Safe Unlearning: A Surprisingly Effective and Generalizable Solution to Defend Against Jailbreak Attacks

Zhexin Zhang,Junxiao Yang,Pei Ke,Shiyao Cui,Chujie Zheng,Hongning Wang,Minlie Huang
2024-07-03
Abstract:LLMs are known to be vulnerable to jailbreak attacks, even after safety alignment. An important observation is that, while different types of jailbreak attacks can generate significantly different queries, they mostly result in similar responses that are rooted in the same harmful knowledge (e.g., detailed steps to make a bomb). Therefore, we conjecture that directly unlearn the harmful knowledge in the LLM can be a more effective way to defend against jailbreak attacks than the mainstream supervised fine-tuning (SFT) based approaches. Our extensive experiments confirmed our insight and suggested surprising generalizability of our unlearning-based approach: using only 20 raw harmful questions \emph{without} any jailbreak prompt during training, our solution reduced the Attack Success Rate (ASR) in Vicuna-7B on \emph{out-of-distribution} (OOD) harmful questions wrapped with various complex jailbreak prompts from 82.6\% to 7.7\%. This significantly outperforms Llama2-7B-Chat, which is fine-tuned on about 0.1M safety alignment samples but still has an ASR of 21.9\% even under the help of an additional safety system prompt. Further analysis reveals that the generalization ability of our solution stems from the intrinsic relatedness among harmful responses across harmful questions (e.g., response patterns, shared steps and actions, and similarity among their learned representations in the LLM). Our code is available at \url{<a class="link-external link-https" href="https://github.com/thu-coai/SafeUnlearning" rel="external noopener nofollow">this https URL</a>}.

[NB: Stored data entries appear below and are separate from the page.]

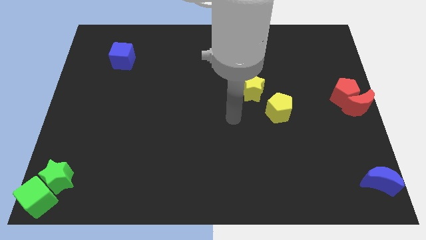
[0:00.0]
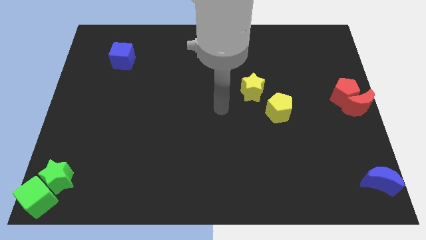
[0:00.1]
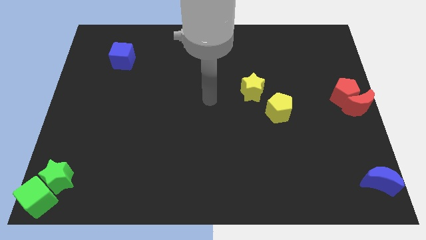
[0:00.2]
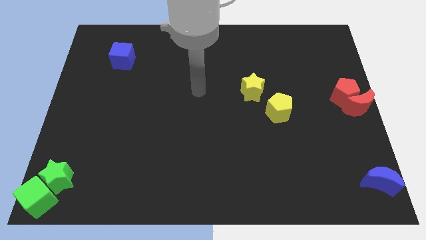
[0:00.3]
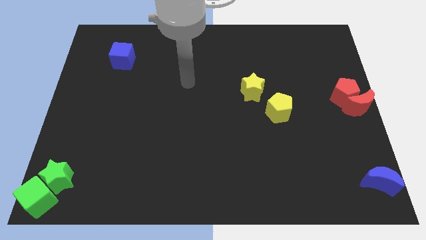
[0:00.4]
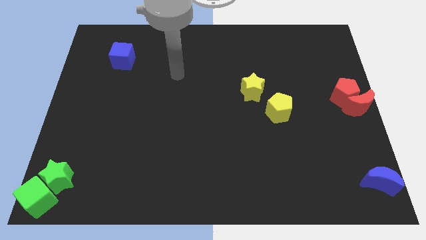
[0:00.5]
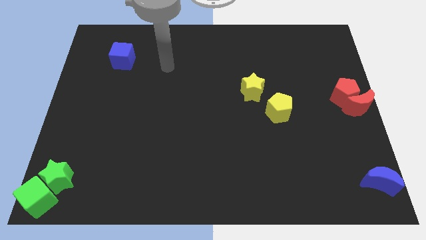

Cryptography and Security,Computation and Language,Machine Learning
What problem does this paper attempt to address?
This paper focuses on the security issues of large language models (LLMs), specifically the defense against "jailbreak attacks". Jailbreak attacks exploit carefully crafted prompts to induce harmful responses from the model. The study found that although different jailbreak attacks may result in different queries, they often lead to similar harmful responses based on the same harmful knowledge (e.g. detailed steps to make a bomb). Therefore, the paper proposes a direct "Safe Unlearning" method to prevent the generation of harmful responses by eliminating harmful knowledge in the model, rather than just identifying harmful queries. In experiments, even with only 20 original harmful questions for training without any jailbreak prompts, this method significantly reduces the attack success rate (ASR) of out-of-distribution (OOD) harmful queries for the model, outperforming the Llama2-7B-Chat model fine-tuned with approximately 0.1M safe samples. Furthermore, the study reveals the generalization ability of the Safe Unlearning method, which successfully defends against various combinations of jailbreak prompts and OOD harmful questions. The main contributions of the paper include: 1. Proposing unlearning as an effective principle for defending against jailbreak attacks and implementing it as Safe Unlearning, which significantly reduces ASR while maintaining the overall performance of the model. 2. Demonstrating the generalization ability of the unlearning method against jailbreak attacks, even without jailbreak prompts during training. 3. Providing insights into jailbreak attacks and unlearning defense through empirical analysis. Methodologically, Safe Unlearning consists of three loss functions, each used for eliminating harmful responses, learning reject responses, and maintaining the overall performance of the model. By controlling the optimization process with adaptive unlearning loss, the influence of the unlearning objective is weakened when the probability of harmful responses is already low, thereby improving training stability. The experimental results show that Safe Unlearning achieves the lowest ASR on both ID and OOD harmful questions, even without the use of jailbreak prompts during training. The ASR can approach zero, indicating the strong ability of the unlearning method in generalized defense.